(Data items)
>>>>

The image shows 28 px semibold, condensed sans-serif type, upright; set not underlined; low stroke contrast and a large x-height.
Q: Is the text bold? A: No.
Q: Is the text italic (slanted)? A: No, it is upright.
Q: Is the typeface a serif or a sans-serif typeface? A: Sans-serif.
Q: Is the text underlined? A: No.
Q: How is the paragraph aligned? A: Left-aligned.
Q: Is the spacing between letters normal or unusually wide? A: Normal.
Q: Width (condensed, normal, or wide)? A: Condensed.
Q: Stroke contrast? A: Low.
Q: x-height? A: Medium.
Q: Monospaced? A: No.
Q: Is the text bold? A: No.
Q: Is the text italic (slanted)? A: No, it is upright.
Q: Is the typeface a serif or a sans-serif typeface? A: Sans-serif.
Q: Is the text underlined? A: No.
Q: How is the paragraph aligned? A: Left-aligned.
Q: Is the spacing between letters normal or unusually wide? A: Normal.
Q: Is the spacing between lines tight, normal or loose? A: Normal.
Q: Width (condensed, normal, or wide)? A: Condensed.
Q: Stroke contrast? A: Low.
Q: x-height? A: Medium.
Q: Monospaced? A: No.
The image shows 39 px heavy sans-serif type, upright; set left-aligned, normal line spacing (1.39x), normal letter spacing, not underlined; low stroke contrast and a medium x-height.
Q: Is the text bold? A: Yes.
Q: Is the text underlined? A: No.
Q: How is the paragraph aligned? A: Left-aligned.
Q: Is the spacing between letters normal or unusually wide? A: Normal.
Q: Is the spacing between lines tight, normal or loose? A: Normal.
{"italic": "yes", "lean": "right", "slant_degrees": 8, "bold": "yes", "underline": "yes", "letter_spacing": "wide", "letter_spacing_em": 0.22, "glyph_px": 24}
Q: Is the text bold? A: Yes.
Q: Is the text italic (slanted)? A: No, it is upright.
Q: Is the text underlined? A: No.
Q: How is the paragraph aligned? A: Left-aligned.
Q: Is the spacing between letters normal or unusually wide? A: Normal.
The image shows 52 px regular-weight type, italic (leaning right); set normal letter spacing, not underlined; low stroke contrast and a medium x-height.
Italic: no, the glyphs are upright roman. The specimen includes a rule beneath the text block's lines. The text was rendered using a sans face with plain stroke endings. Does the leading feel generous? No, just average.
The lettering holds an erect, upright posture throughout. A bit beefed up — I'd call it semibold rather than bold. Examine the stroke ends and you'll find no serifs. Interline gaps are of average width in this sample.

<<<<

Produce the entries above once more, identical in every detail.

The image shows 28 px semibold, condensed sans-serif type, upright; set not underlined; low stroke contrast and a large x-height.
Q: Is the text bold? A: No.
Q: Is the text italic (slanted)? A: No, it is upright.
Q: Is the typeface a serif or a sans-serif typeface? A: Sans-serif.
Q: Is the text underlined? A: No.
Q: How is the paragraph aligned? A: Left-aligned.
Q: Is the spacing between letters normal or unusually wide? A: Normal.
Q: Width (condensed, normal, or wide)? A: Condensed.
Q: Stroke contrast? A: Low.
Q: x-height? A: Medium.
Q: Monospaced? A: No.
Q: Is the text bold? A: No.
Q: Is the text italic (slanted)? A: No, it is upright.
Q: Is the typeface a serif or a sans-serif typeface? A: Sans-serif.
Q: Is the text underlined? A: No.
Q: How is the paragraph aligned? A: Left-aligned.
Q: Is the spacing between letters normal or unusually wide? A: Normal.
Q: Is the spacing between lines tight, normal or loose? A: Normal.
Q: Width (condensed, normal, or wide)? A: Condensed.
Q: Stroke contrast? A: Low.
Q: x-height? A: Medium.
Q: Monospaced? A: No.
The image shows 39 px heavy sans-serif type, upright; set left-aligned, normal line spacing (1.39x), normal letter spacing, not underlined; low stroke contrast and a medium x-height.
Q: Is the text bold? A: Yes.
Q: Is the text underlined? A: No.
Q: How is the paragraph aligned? A: Left-aligned.
Q: Is the spacing between letters normal or unusually wide? A: Normal.
Q: Is the spacing between lines tight, normal or loose? A: Normal.
{"italic": "yes", "lean": "right", "slant_degrees": 8, "bold": "yes", "underline": "yes", "letter_spacing": "wide", "letter_spacing_em": 0.22, "glyph_px": 24}
Q: Is the text bold? A: Yes.
Q: Is the text italic (slanted)? A: No, it is upright.
Q: Is the text underlined? A: No.
Q: How is the paragraph aligned? A: Left-aligned.
Q: Is the spacing between letters normal or unusually wide? A: Normal.
The image shows 52 px regular-weight type, italic (leaning right); set normal letter spacing, not underlined; low stroke contrast and a medium x-height.
Italic: no, the glyphs are upright roman. The specimen includes a rule beneath the text block's lines. The text was rendered using a sans face with plain stroke endings. Does the leading feel generous? No, just average.
The lettering holds an erect, upright posture throughout. A bit beefed up — I'd call it semibold rather than bold. Examine the stroke ends and you'll find no serifs. Interline gaps are of average width in this sample.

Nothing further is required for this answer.